Why a Black Box Isn't Redaction — and How to Actually Remove the Text

01 // The failures

"Redacted" documents leak constantly.

In 2019, lawyers for Paul Manafort filed a court document with passages blacked out. The blackout was only a visual layer — the underlying text was still in the PDF. Reporters simply copied the "redacted" passages and pasted them into a text editor, revealing sealed details the filing was meant to hide. It became one of the most-cited redaction failures of the decade, precisely because it was so ordinary a mistake.

It is far from unique. Over the years, government agencies, courts, and corporations have released documents — including high-profile releases such as portions of the Epstein-related court files — where text under the black boxes was recoverable, or where redactions could be defeated by selecting all the text, removing the overlay object, or extracting the file's hidden text layer. The pattern is decades old and it keeps repeating for one reason: the tool drew a box but never deleted what was underneath.

The lesson isn't "those people were careless." Most used real, expensive software. The lesson is that covering text and removing text look identical on screen — and only one of them is safe to send.

02 // Why it happens

A black box is just paint on glass.

A PDF is not a picture — it's a structured document with a text layer, drawing objects, hidden layers, and metadata all stacked together. When you draw a filled black rectangle (or "highlight" text in black) over a passage, you add one more object on top. Everything you were trying to hide is still in the file, unchanged, directly beneath the new shape.

That leftover content comes back out three easy ways. Select-all and copy grabs the text layer regardless of what's drawn over it, so the words paste straight out. "Remove object" or "delete annotation" in any PDF editor lifts the black rectangle off and exposes the page. And text extraction — the same routine search engines and screen readers use — reads the underlying characters directly, box or no box.

Metadata makes it worse: author names, edit history, earlier draft text, comments, and the document's original filename often ride along invisibly even when the visible page looks clean. A black box does nothing to any of it.

03 // What works

True redaction destroys, it doesn't cover.

True (destructive) redaction removes the content itself — the characters, the objects, and the metadata — so there is literally nothing left under the mark to recover. Two approaches do this reliably:

A · DESKTOP BENCHMARK

Adobe Acrobat Pro

Acrobat Pro's Redact tool genuinely removes the marked content rather than masking it, and its separate Sanitize Document step strips hidden metadata, layers, and scripts. It's the long-standing benchmark for redaction done right, and the right choice if you also need OCR, text editing, or form authoring.
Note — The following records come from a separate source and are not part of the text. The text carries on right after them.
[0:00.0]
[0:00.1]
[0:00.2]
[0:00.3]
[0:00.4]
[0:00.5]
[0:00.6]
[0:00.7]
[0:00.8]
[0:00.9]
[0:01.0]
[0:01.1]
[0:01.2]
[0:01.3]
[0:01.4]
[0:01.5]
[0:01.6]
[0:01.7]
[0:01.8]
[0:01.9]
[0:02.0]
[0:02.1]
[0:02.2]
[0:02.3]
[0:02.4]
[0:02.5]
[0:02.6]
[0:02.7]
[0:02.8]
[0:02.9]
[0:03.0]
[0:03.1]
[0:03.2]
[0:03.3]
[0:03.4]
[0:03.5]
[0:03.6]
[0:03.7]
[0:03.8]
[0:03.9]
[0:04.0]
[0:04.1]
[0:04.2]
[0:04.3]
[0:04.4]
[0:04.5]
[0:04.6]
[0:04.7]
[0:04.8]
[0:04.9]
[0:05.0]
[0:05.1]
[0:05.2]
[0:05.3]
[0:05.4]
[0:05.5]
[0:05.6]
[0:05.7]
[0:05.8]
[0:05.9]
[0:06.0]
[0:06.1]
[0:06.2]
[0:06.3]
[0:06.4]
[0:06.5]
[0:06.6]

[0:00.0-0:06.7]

The trade-off is cost and setup: a desktop install, an Adobe account, and a subscription around $19.99/month.

B · IN YOUR BROWSER

BlackoutPDF

BlackoutPDF takes a different route to the same guarantee: it re-renders each page to flat pixels, burns the black boxes into those pixels, and rebuilds a brand-new PDF from the images. Because the output is built from scratch, there is no text layer left under the black and the original metadata doesn't survive — nothing to select, copy, or extract.

It runs 100% in your browser — your file is never uploaded — and it's free for short documents. The honest trade-off: rasterized output is not text-selectable, which for a redacted document is usually exactly what you want, but is wrong if the recipient needs to search the file.

04 // Verify it

How to check your redaction actually held.

Never trust that a redaction worked because the page looks right. Spend thirty seconds proving it before you send anything. If any of these tests returns the hidden content, it was not redacted — go back and do it destructively.

01

Try to select and copy under the box

Open the finished file, drag-select across a blacked-out passage (or hit Select All), and paste into a plain text editor. If any "hidden" words appear, the text layer survived — the redaction failed.

02

Open the file's properties / metadata

Check Document Properties (or "Get Info") for author, title, and history fields. Leftover names, original filenames, or edit history mean metadata wasn't stripped — a separate leak even if the visible page is clean.

03

Run the strict test: extract the text

Use any "extract text" or "save as text" feature, or a command-line tool, to pull every character out of the file. A truly redacted page yields no recoverable text where the black boxes are. This is the test that catches what the eye and the copy-paste miss.

Redact a PDF the right way — free, nothing uploads.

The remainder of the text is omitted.